You can share in a professional researcher's work, learn how to formulate a significant question, evolve a procedure to investigate it, obtain research funding and other resources, gather and examine evidence, follow hunches, detect loopholes, and evaluate and share results with the scientific community.

What is research?

Research is a systematic inquiry that investigates hypotheses, suggests new interpretations of data or texts, and poses new questions for future research to explore.

Research consists of:

  • Asking a question that nobody has asked before;
  • Doing the necessary work to find the answer; and
  • Communicating the knowledge you have acquired to a larger audience.

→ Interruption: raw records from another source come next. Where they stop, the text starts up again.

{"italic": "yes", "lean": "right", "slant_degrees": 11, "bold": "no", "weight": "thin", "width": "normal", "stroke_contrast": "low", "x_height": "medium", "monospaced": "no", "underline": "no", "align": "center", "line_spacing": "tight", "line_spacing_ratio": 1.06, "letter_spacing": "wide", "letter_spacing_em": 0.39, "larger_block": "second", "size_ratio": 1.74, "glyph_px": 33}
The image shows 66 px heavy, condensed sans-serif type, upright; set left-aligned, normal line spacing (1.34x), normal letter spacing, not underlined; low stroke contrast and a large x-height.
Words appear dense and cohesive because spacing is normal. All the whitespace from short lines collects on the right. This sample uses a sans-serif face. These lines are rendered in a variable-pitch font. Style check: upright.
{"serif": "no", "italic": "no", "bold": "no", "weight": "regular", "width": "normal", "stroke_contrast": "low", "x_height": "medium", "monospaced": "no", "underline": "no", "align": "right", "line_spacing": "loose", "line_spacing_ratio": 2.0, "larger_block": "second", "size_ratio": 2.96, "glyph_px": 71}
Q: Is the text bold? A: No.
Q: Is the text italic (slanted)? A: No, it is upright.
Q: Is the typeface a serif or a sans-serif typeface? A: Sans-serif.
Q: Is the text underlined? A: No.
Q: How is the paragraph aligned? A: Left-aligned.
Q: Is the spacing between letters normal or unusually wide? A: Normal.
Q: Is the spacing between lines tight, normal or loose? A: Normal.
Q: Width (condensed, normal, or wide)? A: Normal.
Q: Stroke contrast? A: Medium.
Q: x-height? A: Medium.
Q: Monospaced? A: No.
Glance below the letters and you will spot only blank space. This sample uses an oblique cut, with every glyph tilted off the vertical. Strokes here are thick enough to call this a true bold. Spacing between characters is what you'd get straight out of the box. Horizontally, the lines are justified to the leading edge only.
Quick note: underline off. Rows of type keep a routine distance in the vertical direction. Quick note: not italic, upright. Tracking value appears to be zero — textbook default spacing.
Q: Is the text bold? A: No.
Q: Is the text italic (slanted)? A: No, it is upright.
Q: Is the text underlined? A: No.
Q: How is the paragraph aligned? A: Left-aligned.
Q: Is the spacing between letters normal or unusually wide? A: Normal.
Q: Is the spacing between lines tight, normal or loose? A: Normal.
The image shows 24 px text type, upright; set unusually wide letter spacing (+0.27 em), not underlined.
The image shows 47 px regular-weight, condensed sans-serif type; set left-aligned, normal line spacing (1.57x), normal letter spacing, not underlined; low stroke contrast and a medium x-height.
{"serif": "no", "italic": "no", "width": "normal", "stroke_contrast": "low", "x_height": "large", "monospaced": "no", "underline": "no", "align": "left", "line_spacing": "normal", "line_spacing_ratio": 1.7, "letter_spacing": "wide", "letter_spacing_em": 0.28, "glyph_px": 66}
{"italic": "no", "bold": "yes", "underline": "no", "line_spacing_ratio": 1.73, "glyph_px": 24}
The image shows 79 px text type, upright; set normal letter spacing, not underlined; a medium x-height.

In practice, research methods vary widely, depending upon the academic discipline's accepted standards, the individual researcher's preferences, or a particular study's needs. Research in science and engineering often involves conducting experiments in the lab or in the field. Research in the arts, humanities, and social sciences may include archival work in the library or on the internet, conducting surveys or in-depth interviews, and a wide range of creative and artistic projects- from costume design to playwriting to curating a fine arts exhibit.

Research is not a solitary activity –but an act of community. As a member of the research community, you are building on the knowledge that others have acquired before you and providing a road map for those who come after you. You are adding to a body of work that will never be complete. Research is an ongoing, collaborative process with no finish line in sight.

Why is research valuable?

Participating in undergraduate research gives you the opportunity to:

  • Work one-on-one with internationally distinguished faculty;
  • Participate in cutting-edge research projects with far-reaching impact;
  • Make significant contributions to a field you care about; and
  • Enhance your competitiveness for graduate or professional school admission or high-level employment.

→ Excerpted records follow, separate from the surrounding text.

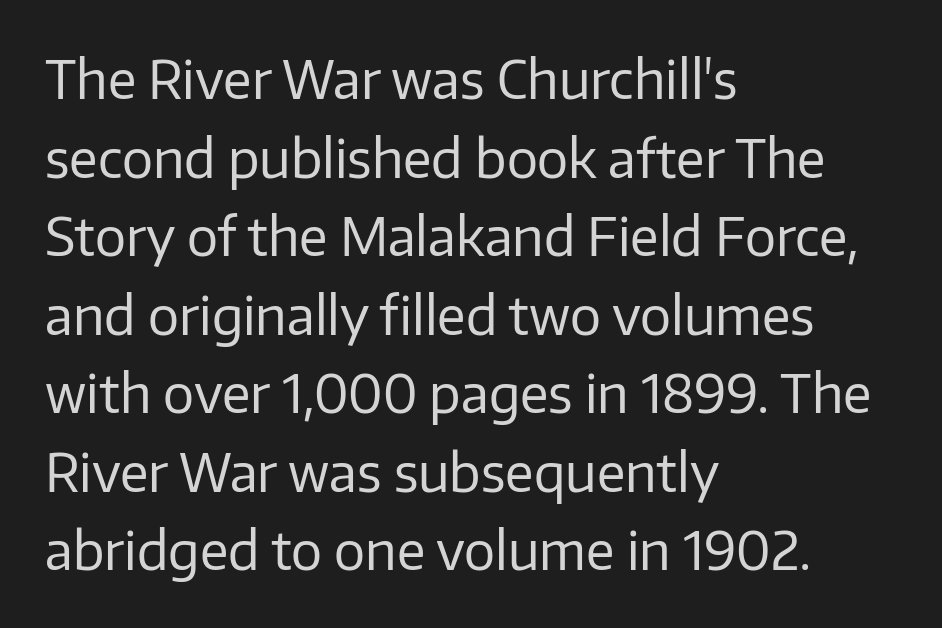
Weight: not bold — regular or lighter. Grotesque or geometric, the face here clearly has no serifs. Honestly, there is no underline to notice here at all. Leading matches the norm, producing a regular column. Style check: upright.
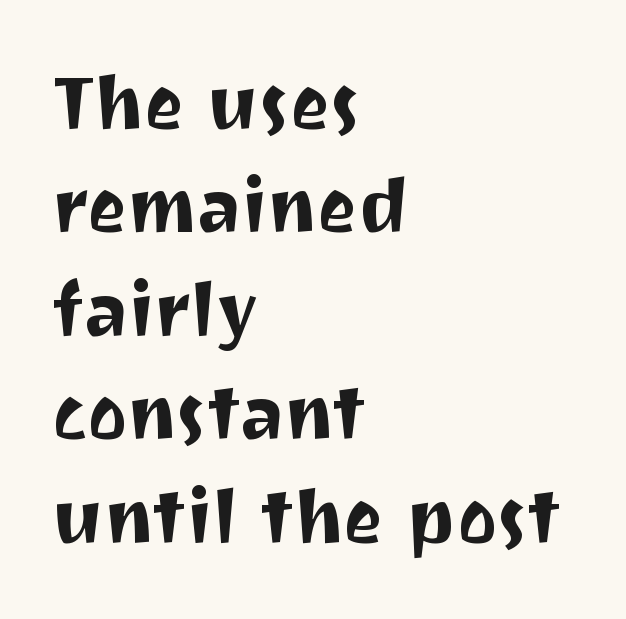
The image shows 75 px sans-serif type, upright; set left-aligned, normal line spacing (1.38x), normal letter spacing, not underlined; medium stroke contrast and a medium x-height.
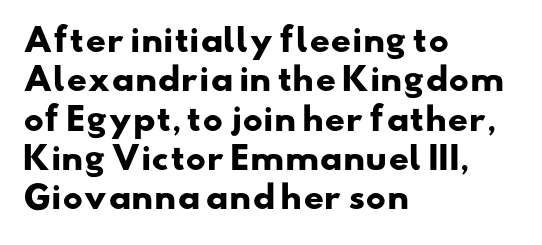
Q: Is the text bold? A: Yes.
Q: Is the typeface a serif or a sans-serif typeface? A: Sans-serif.
Q: Is the text underlined? A: No.
Q: How is the paragraph aligned? A: Left-aligned.
Q: Is the spacing between letters normal or unusually wide? A: Normal.
Q: Width (condensed, normal, or wide)? A: Wide.
Q: Stroke contrast? A: Low.
Q: x-height? A: Small.
Q: Monospaced? A: No.
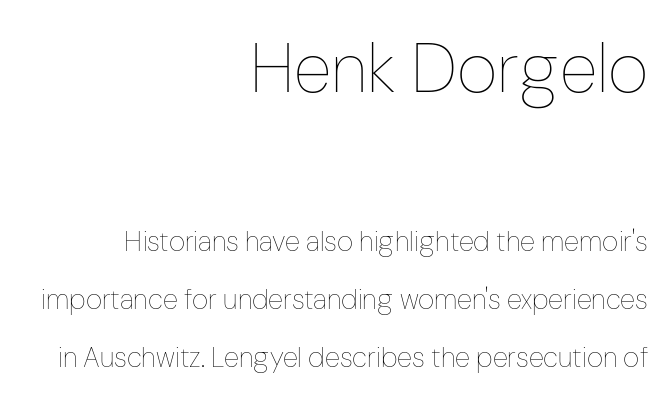
The letters look calm and open, with moderate or lighter stems. Nobody touched the tracking dial on this one. These two chunks differ in scale, with the top chunk taking the larger measure. Airy leading. This sample has the flowing, uneven cadence of proportional lettering. It's the straight-up-and-down kind of type.

As a student researcher, you can receive instruction and experience in:

  • Developing and implementing research protocols
  • Critical thinking and analysis
  • Writing research papers
  • Presenting research findings at scholarly meetings (on-campus, statewide, national)
  • Collaboration with other researchers

Is research right for me?

Identify the type of research you might like to do.

Broadly speaking, research can be divided into 3 categories:

  • Fundamental / Basic: Generally characterized by exploration of the theoretical and performed to further the frontiers of human knowledge.
  • Applied: Generally characterized by experimental investigation with the goal of discovering solutions to specific, existing problems defined in advance by researchers. The results of this type of research can be "applied" or directly realized in some practical application.
  • Clinical: Generally conducted in a clinical setting like a hospital or medical clinic, and focuses on discovering cures for specific human/animal diseases or other health problems. Such research, building upon knowledge gained through basic and applied research, results in treatments and drugs that directly improve human healthcare.

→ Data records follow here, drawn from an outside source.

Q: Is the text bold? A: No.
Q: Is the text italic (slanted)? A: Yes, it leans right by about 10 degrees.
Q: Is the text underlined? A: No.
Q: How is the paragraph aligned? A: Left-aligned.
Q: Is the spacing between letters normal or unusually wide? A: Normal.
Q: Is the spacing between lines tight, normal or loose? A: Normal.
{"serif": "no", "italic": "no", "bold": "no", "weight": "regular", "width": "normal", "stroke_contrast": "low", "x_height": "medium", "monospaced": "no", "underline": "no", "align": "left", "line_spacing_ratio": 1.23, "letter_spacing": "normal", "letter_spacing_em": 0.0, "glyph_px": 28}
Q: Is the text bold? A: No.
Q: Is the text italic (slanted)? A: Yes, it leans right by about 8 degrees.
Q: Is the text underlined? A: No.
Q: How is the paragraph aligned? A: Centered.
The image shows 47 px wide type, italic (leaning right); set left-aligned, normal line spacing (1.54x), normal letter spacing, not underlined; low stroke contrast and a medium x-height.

Assess your interest in doing research and determine your goals.

  • Are you interested in a more thorough exploration of a subject you are already familiar with?
  • Are you interested in being introduced to a new subject?
  • What motivates you? Trying what others have never done? Getting to know faculty better? Exploring the real-world by undertaking research with an external organization?
  • What do you hope to gain from the research experience? Do you want to help create new information and knowledge? Practice or develop new skills?
  • Do you want to test your skill sets in a professional setting to determine your likes and dislikes?
  • Are you hoping this experience will help you decide whether to attend graduate or professional school?
  • Do you have time for a 10-15 hour/week commitment? Can you commit during the quarter, multiple quarters, or summer?
  • Do you wish to receive academic credit?
  • Do you want/need a salary/stipend/scholarship?
  • Are you willing to do volunteer work?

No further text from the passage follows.